Work task: Search the records for lines with the word "height" and copy each match.

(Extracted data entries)
+--
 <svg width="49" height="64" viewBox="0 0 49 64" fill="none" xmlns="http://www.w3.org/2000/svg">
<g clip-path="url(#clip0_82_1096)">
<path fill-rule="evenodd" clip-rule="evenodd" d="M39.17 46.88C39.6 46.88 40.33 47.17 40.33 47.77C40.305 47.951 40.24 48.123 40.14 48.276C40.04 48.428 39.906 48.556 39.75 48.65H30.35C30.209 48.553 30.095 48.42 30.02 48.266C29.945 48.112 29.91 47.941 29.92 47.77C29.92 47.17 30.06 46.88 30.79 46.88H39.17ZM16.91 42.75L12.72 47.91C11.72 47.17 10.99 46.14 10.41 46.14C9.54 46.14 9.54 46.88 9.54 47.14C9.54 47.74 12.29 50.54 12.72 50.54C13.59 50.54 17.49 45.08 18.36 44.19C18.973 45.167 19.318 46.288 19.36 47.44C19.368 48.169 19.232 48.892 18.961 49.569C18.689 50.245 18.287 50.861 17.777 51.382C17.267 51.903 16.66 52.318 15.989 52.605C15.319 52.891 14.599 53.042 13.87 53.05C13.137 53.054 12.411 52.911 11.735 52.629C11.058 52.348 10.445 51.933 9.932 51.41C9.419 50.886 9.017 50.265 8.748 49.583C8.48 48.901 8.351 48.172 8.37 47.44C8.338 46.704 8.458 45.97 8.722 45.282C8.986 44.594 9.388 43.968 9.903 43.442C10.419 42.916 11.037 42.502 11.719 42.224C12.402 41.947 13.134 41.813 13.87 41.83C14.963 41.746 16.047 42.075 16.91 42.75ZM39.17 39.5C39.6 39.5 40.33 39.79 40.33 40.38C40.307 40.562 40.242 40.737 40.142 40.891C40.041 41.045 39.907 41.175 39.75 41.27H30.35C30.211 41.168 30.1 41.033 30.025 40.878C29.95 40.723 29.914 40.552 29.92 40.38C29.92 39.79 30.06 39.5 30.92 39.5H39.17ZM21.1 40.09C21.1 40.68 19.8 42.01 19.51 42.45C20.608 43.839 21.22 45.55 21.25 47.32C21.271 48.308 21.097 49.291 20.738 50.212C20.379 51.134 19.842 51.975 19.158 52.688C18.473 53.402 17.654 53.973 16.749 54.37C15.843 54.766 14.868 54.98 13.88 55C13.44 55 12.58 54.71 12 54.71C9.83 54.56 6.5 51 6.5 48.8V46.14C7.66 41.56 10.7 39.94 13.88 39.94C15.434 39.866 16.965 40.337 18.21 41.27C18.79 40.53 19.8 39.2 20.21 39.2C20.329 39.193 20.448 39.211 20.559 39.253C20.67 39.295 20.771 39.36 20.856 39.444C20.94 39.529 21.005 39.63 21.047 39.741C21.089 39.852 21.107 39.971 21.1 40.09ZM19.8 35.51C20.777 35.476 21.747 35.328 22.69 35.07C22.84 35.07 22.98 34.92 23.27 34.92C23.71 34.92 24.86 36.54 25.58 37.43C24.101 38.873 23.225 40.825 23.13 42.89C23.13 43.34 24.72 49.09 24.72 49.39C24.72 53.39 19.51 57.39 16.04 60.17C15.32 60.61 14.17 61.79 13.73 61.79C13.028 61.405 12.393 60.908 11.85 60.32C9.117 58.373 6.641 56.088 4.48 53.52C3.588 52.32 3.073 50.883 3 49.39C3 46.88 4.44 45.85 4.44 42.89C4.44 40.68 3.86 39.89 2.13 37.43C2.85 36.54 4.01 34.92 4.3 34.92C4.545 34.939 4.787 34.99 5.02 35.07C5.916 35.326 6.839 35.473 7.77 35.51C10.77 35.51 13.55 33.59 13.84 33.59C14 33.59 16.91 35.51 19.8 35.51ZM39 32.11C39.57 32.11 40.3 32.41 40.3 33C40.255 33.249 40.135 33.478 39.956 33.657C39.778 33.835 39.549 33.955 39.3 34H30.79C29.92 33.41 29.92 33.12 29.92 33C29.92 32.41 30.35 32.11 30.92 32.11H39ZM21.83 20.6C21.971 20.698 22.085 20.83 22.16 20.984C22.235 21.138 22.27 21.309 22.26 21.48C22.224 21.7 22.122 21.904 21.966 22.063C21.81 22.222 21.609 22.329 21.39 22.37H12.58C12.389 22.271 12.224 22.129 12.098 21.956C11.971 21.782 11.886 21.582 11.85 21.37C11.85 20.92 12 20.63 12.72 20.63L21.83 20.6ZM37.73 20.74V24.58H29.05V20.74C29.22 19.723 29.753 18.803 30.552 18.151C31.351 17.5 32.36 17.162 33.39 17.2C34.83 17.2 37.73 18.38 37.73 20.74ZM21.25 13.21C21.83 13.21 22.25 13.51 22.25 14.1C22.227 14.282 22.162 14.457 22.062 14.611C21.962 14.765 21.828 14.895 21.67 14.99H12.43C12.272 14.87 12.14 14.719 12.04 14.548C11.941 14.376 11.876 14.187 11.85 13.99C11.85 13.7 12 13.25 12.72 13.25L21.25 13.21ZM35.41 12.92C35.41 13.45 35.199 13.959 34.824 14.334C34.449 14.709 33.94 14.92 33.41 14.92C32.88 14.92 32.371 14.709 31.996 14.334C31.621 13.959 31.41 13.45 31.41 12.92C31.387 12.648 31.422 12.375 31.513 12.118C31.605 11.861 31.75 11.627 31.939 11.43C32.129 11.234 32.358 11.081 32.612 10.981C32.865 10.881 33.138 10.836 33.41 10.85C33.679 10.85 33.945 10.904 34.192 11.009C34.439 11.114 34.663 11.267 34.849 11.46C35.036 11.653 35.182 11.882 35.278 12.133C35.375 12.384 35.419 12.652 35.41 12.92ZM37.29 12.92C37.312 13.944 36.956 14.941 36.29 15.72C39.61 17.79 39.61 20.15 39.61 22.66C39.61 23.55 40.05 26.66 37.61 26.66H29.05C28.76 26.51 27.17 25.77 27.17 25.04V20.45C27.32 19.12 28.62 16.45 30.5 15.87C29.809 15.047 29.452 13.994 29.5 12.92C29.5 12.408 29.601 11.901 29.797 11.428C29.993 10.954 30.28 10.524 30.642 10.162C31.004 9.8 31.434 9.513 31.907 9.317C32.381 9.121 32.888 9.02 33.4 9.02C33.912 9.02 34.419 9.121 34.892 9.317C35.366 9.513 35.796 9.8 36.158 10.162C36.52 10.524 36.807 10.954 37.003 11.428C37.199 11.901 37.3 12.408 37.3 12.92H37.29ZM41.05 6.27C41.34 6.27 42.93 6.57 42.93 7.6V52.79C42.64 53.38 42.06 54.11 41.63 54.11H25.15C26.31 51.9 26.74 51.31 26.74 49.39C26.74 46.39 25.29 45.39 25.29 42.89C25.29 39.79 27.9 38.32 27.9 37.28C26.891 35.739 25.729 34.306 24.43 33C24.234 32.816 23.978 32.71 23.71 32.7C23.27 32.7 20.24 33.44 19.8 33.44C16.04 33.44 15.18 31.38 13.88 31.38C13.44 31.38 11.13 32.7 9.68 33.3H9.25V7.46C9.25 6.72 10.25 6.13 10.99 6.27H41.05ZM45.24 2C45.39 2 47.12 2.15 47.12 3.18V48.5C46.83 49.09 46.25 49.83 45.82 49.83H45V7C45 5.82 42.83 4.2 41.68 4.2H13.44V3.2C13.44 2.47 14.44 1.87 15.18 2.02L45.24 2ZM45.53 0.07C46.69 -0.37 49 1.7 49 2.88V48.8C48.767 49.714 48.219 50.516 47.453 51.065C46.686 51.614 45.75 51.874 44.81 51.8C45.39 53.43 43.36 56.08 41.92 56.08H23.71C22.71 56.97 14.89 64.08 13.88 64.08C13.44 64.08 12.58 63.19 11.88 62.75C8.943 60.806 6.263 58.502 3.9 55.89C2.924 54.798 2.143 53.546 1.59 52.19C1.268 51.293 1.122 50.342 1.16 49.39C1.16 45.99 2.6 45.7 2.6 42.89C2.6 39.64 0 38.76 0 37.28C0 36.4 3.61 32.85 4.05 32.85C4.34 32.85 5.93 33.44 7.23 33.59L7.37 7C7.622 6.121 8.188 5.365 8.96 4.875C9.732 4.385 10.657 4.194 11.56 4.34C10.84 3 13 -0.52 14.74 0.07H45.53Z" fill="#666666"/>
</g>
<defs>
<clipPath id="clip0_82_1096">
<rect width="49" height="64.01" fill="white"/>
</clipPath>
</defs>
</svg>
+--
Result for this exercise:
 <svg width="49" height="64" viewBox="0 0 49 64" fill="none" xmlns="http://www.w3.org/2000/svg">
<rect width="49" height="64.01" fill="white"/>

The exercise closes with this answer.